Lebensräume als Farbräume erfassen

Im Rahmen des Studienprojektes “U-Bahn, Grafik-Bahn, Pikto-Bahn”  hält der Kunsthistoriker Lino Sibillano, Zürich, an der TU Berlin einen öffentlichen Gastvortrag. Beginn ist um 18 Uhr.

Lino Sibillano sagt zum Inhalt seines Vortrages: Farbe ist in unseren öffentlichen wie auch privaten Lebensräumen allgegenwärtig und beeinflusst deren Identität und Atmosphäre. Doch sowohl Architektur als auch der öffentliche Raum werden nur selten unter dem Aspekt der Farbe untersucht. Das 1995 in Zürich gegründete Haus der Farbe, eine Fachschule für Gestaltung in Handwerk und Architektur, analysiert im Rahmen von Forschungsprojekten Städte, Ortschaften und auch Einzelbauten als Farbräume.
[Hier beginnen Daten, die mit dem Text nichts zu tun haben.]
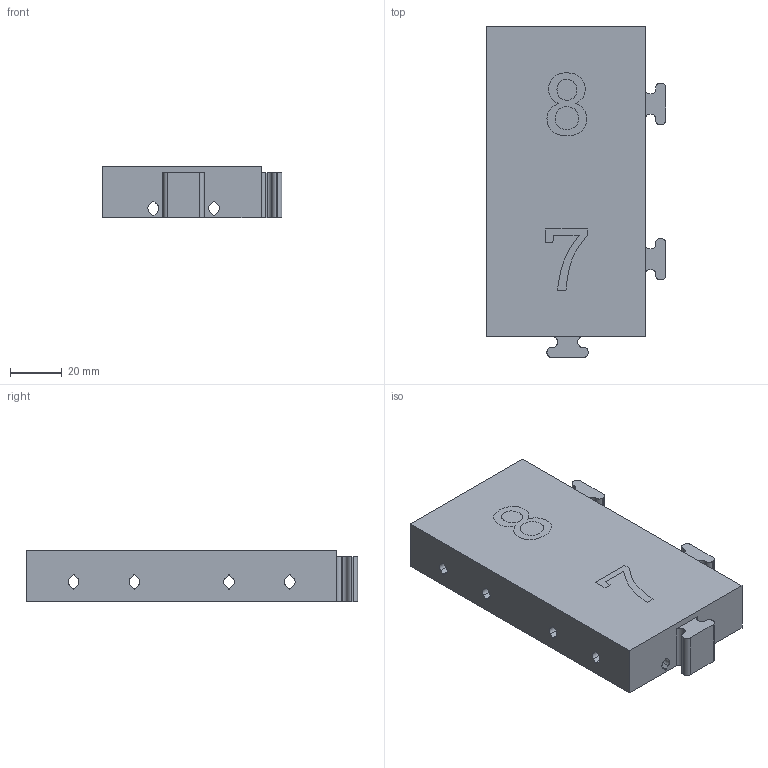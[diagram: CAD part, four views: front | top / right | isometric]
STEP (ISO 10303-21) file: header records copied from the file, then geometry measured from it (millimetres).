
FILE_DESCRIPTION(/* description */ ('STEP AP242','CAx-IF Rec.Pracs.---Representation and Presentation of Product Manufacturing Information (PMI)---4.0---2014-10-13','CAx-IF Rec.Pracs.---3D Tessellated Geometry---0.4---2014-09-14','2;1'),/* implementation_level */ '2;1');
FILE_NAME(/* name */ '68b3c63ef19c206e1bfd09a9',/* time_stamp */ '2025-08-31T03:49:18Z',/* author */ (''),/* organization */ (''),/* preprocessor_version */ 'ST-DEVELOPER v20',/* originating_system */ 'ONSHAPE BY PTC INC, 1.203',/* authorisation */ ' ');
FILE_SCHEMA (('AP242_MANAGED_MODEL_BASED_3D_ENGINEERING_MIM_LF { 1 0 10303 442 1 1 4 }'));
Length unit declared in the file: metre
Products named in the file (3): Part 216; Part 215; FE2x1-TTFS-ChessCoord-87
Bounding box: 69.47 x 127.95 x 20 mm (x, y, z)
Volume: 137959.6 mm3; surface area: 33823.2 mm2
Topology: 3 solids, 3 shells, 270 faces, 820 edges, 546 vertices
Faces by surface type: plane 122, cylinder 74, bspline 72, cone 2
Full cylindrical faces by diameter (mm): 14 x2
Entity records: 9639 total; most frequent: CARTESIAN_POINT 2555, ORIENTED_EDGE 1632, DIRECTION 1224, EDGE_CURVE 816, VERTEX_POINT 546, LINE 458, VECTOR 458, AXIS2_PLACEMENT_3D 383

Aus den Studien werden jeweils spezifische Darstellungsformen und Arbeitsinstrumente für die Farbgestaltung am Bau und in der Stadtplanung entwickelt.

Anhand von ausgewählten Projekten werden die Methoden und Arbeitsinstrumente vorgestellt, mit denen in Zürich gearbeitet wird.

Ort:
TU Berlin
Geodätenstand
Straße des 17. Juni 135
Hauptgebäude Altbau
Raum H 6101

Zeit:
03.11.2014
18 Uhr

 

31. Oktober 2014

Katharina Grosse – Inside the Speaker. bis 01.02.15

von Christiane Brune-Wiemer

 

Im Düsseldorfer Museum Kunstpalast läuft derzeit eine großangelegte Ausstellung mit Arbeiten von Katharina Grosse. Die in Berlin lebende und in Düsseldorf an der Kunstakademie lehrende Künstlerin hat speziell für das Museum in einem Saal eine begehbare, raumgreifende Installation konzipiert, und dafür eine Unmenge an Erden, Farben und Stoffen angeordnet. In einem zweiten Saal sind hingegen ihre bis zu 36 qm großen, ebenso beeindruckenden Gemälde zu sehen.
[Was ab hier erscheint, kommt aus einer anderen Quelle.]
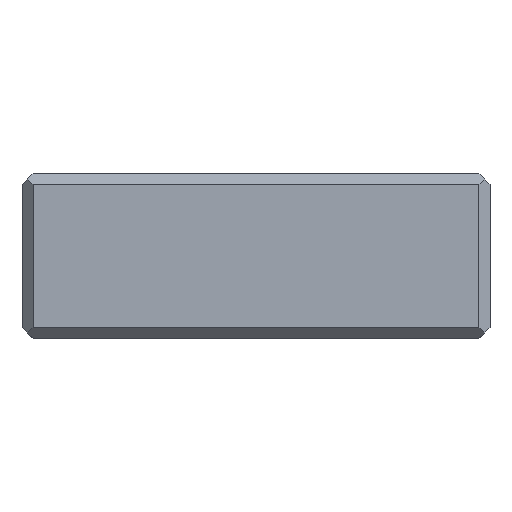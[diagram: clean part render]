
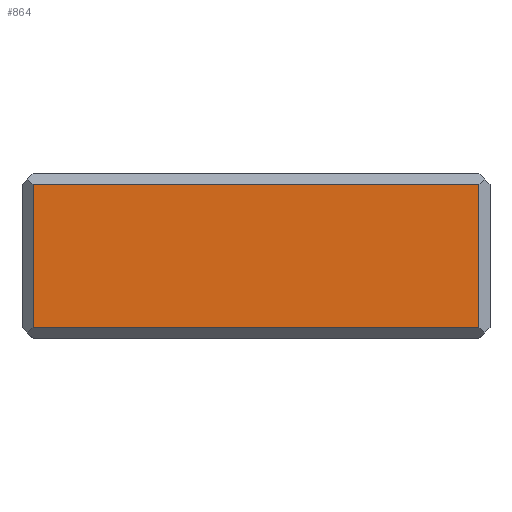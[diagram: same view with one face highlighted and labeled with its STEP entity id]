
A CAD part, left-side view. The second image highlights one B-rep face of the part: STEP entity #864.
In plain terms, the highlighted planar face has unit normal (-1, 0, 0).
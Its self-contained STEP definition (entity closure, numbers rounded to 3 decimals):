
#72 = PLANE('',#73);
#73 = AXIS2_PLACEMENT_3D('',#74,#75,#76);
#74 = CARTESIAN_POINT('',(1.,-1.,2.));
#75 = DIRECTION('',(0.707,-0.707,0.));
#76 = DIRECTION('',(0.,0.,1.));
#159 = PLANE('',#160);
#160 = AXIS2_PLACEMENT_3D('',#161,#162,#163);
#161 = CARTESIAN_POINT('',(1.,0.,1.));
#162 = DIRECTION('',(-0.707,0.,-0.707));
#163 = DIRECTION('',(0.,1.,0.));
#276 = VERTEX_POINT('',#277);
#277 = CARTESIAN_POINT('',(0.,-2.,28.));
#291 = PLANE('',#292);
#292 = AXIS2_PLACEMENT_3D('',#293,#294,#295);
#293 = CARTESIAN_POINT('',(1.,0.,29.));
#294 = DIRECTION('',(0.707,0.,-0.707));
#295 = DIRECTION('',(0.,1.,0.));
#303 = EDGE_CURVE('',#304,#276,#306,.T.);
#304 = VERTEX_POINT('',#305);
#305 = CARTESIAN_POINT('',(0.,-2.,2.));
#306 = SURFACE_CURVE('',#307,(#311,#318),.PCURVE_S1.);
#307 = LINE('',#308,#309);
#308 = CARTESIAN_POINT('',(0.,-2.,2.));
#309 = VECTOR('',#310,1.);
#310 = DIRECTION('',(0.,0.,1.));
#311 = PCURVE('',#72,#312);
#312 = DEFINITIONAL_REPRESENTATION('',(#313),#317);
#313 = LINE('',#314,#315);
#314 = CARTESIAN_POINT('',(0.,1.414));
#315 = VECTOR('',#316,1.);
#316 = DIRECTION('',(1.,0.));
#317 = ( GEOMETRIC_REPRESENTATION_CONTEXT(2) 
PARAMETRIC_REPRESENTATION_CONTEXT() REPRESENTATION_CONTEXT('2D SPACE',''
  ) );
#318 = PCURVE('',#319,#324);
#319 = PLANE('',#320);
#320 = AXIS2_PLACEMENT_3D('',#321,#322,#323);
#321 = CARTESIAN_POINT('',(0.,0.,0.));
#322 = DIRECTION('',(1.,0.,0.));
#323 = DIRECTION('',(0.,-1.,0.));
#324 = DEFINITIONAL_REPRESENTATION('',(#325),#329);
#325 = LINE('',#326,#327);
#326 = CARTESIAN_POINT('',(2.,-2.));
#327 = VECTOR('',#328,1.);
#328 = DIRECTION('',(0.,-1.));
#329 = ( GEOMETRIC_REPRESENTATION_CONTEXT(2) 
PARAMETRIC_REPRESENTATION_CONTEXT() REPRESENTATION_CONTEXT('2D SPACE',''
  ) );
#515 = EDGE_CURVE('',#304,#516,#518,.T.);
#516 = VERTEX_POINT('',#517);
#517 = CARTESIAN_POINT('',(0.,-83.,2.));
#518 = SURFACE_CURVE('',#519,(#523,#530),.PCURVE_S1.);
#519 = LINE('',#520,#521);
#520 = CARTESIAN_POINT('',(0.,0.,2.));
#521 = VECTOR('',#522,1.);
#522 = DIRECTION('',(0.,-1.,0.));
#523 = PCURVE('',#159,#524);
#524 = DEFINITIONAL_REPRESENTATION('',(#525),#529);
#525 = LINE('',#526,#527);
#526 = CARTESIAN_POINT('',(-0.,-1.414));
#527 = VECTOR('',#528,1.);
#528 = DIRECTION('',(-1.,0.));
#529 = ( GEOMETRIC_REPRESENTATION_CONTEXT(2) 
PARAMETRIC_REPRESENTATION_CONTEXT() REPRESENTATION_CONTEXT('2D SPACE',''
  ) );
#530 = PCURVE('',#319,#531);
#531 = DEFINITIONAL_REPRESENTATION('',(#532),#536);
#532 = LINE('',#533,#534);
#533 = CARTESIAN_POINT('',(0.,-2.));
#534 = VECTOR('',#535,1.);
#535 = DIRECTION('',(1.,0.));
#536 = ( GEOMETRIC_REPRESENTATION_CONTEXT(2) 
PARAMETRIC_REPRESENTATION_CONTEXT() REPRESENTATION_CONTEXT('2D SPACE',''
  ) );
#554 = PLANE('',#555);
#555 = AXIS2_PLACEMENT_3D('',#556,#557,#558);
#556 = CARTESIAN_POINT('',(1.,-84.,2.));
#557 = DIRECTION('',(-0.707,-0.707,0.));
#558 = DIRECTION('',(-0.,-0.,-1.));
#864 = ADVANCED_FACE('',(#865),#319,.F.);
#865 = FACE_BOUND('',#866,.F.);
#866 = EDGE_LOOP('',(#867,#868,#869,#892));
#867 = ORIENTED_EDGE('',*,*,#515,.F.);
#868 = ORIENTED_EDGE('',*,*,#303,.T.);
#869 = ORIENTED_EDGE('',*,*,#870,.T.);
#870 = EDGE_CURVE('',#276,#871,#873,.T.);
#871 = VERTEX_POINT('',#872);
#872 = CARTESIAN_POINT('',(0.,-83.,28.));
#873 = SURFACE_CURVE('',#874,(#878,#885),.PCURVE_S1.);
#874 = LINE('',#875,#876);
#875 = CARTESIAN_POINT('',(0.,0.,28.));
#876 = VECTOR('',#877,1.);
#877 = DIRECTION('',(0.,-1.,0.));
#878 = PCURVE('',#319,#879);
#879 = DEFINITIONAL_REPRESENTATION('',(#880),#884);
#880 = LINE('',#881,#882);
#881 = CARTESIAN_POINT('',(0.,-28.));
#882 = VECTOR('',#883,1.);
#883 = DIRECTION('',(1.,0.));
#884 = ( GEOMETRIC_REPRESENTATION_CONTEXT(2) 
PARAMETRIC_REPRESENTATION_CONTEXT() REPRESENTATION_CONTEXT('2D SPACE',''
  ) );
#885 = PCURVE('',#291,#886);
#886 = DEFINITIONAL_REPRESENTATION('',(#887),#891);
#887 = LINE('',#888,#889);
#888 = CARTESIAN_POINT('',(-0.,-1.414));
#889 = VECTOR('',#890,1.);
#890 = DIRECTION('',(-1.,0.));
#891 = ( GEOMETRIC_REPRESENTATION_CONTEXT(2) 
PARAMETRIC_REPRESENTATION_CONTEXT() REPRESENTATION_CONTEXT('2D SPACE',''
  ) );
#892 = ORIENTED_EDGE('',*,*,#893,.F.);
#893 = EDGE_CURVE('',#516,#871,#894,.T.);
#894 = SURFACE_CURVE('',#895,(#899,#906),.PCURVE_S1.);
#895 = LINE('',#896,#897);
#896 = CARTESIAN_POINT('',(0.,-83.,2.));
#897 = VECTOR('',#898,1.);
#898 = DIRECTION('',(0.,0.,1.));
#899 = PCURVE('',#319,#900);
#900 = DEFINITIONAL_REPRESENTATION('',(#901),#905);
#901 = LINE('',#902,#903);
#902 = CARTESIAN_POINT('',(83.,-2.));
#903 = VECTOR('',#904,1.);
#904 = DIRECTION('',(0.,-1.));
#905 = ( GEOMETRIC_REPRESENTATION_CONTEXT(2) 
PARAMETRIC_REPRESENTATION_CONTEXT() REPRESENTATION_CONTEXT('2D SPACE',''
  ) );
#906 = PCURVE('',#554,#907);
#907 = DEFINITIONAL_REPRESENTATION('',(#908),#912);
#908 = LINE('',#909,#910);
#909 = CARTESIAN_POINT('',(-0.,-1.414));
#910 = VECTOR('',#911,1.);
#911 = DIRECTION('',(-1.,0.));
#912 = ( GEOMETRIC_REPRESENTATION_CONTEXT(2) 
PARAMETRIC_REPRESENTATION_CONTEXT() REPRESENTATION_CONTEXT('2D SPACE',''
  ) );

Katharina Grosses Arbeiten erinnern im Umgang mit Farbe entfernt an die Arbeiten Gotthard Graubners. Beide arbeiten mit Farbschichtungen die zu Unschärfen und Farbverläufen führen und dennoch ganz unterschiedliche Wirkungen (im Raum wie beim Betrachter) erzeugen. Grosse erweitert den Malraum materiell wie immateriell und widerspricht somit dem oft postuliertem Ende der Malerei. Dies läßt sich nicht nur an ihren spezifischen „Formaten“ festmachen sondern auch an ihrer Herangehensweise und Umsetzung.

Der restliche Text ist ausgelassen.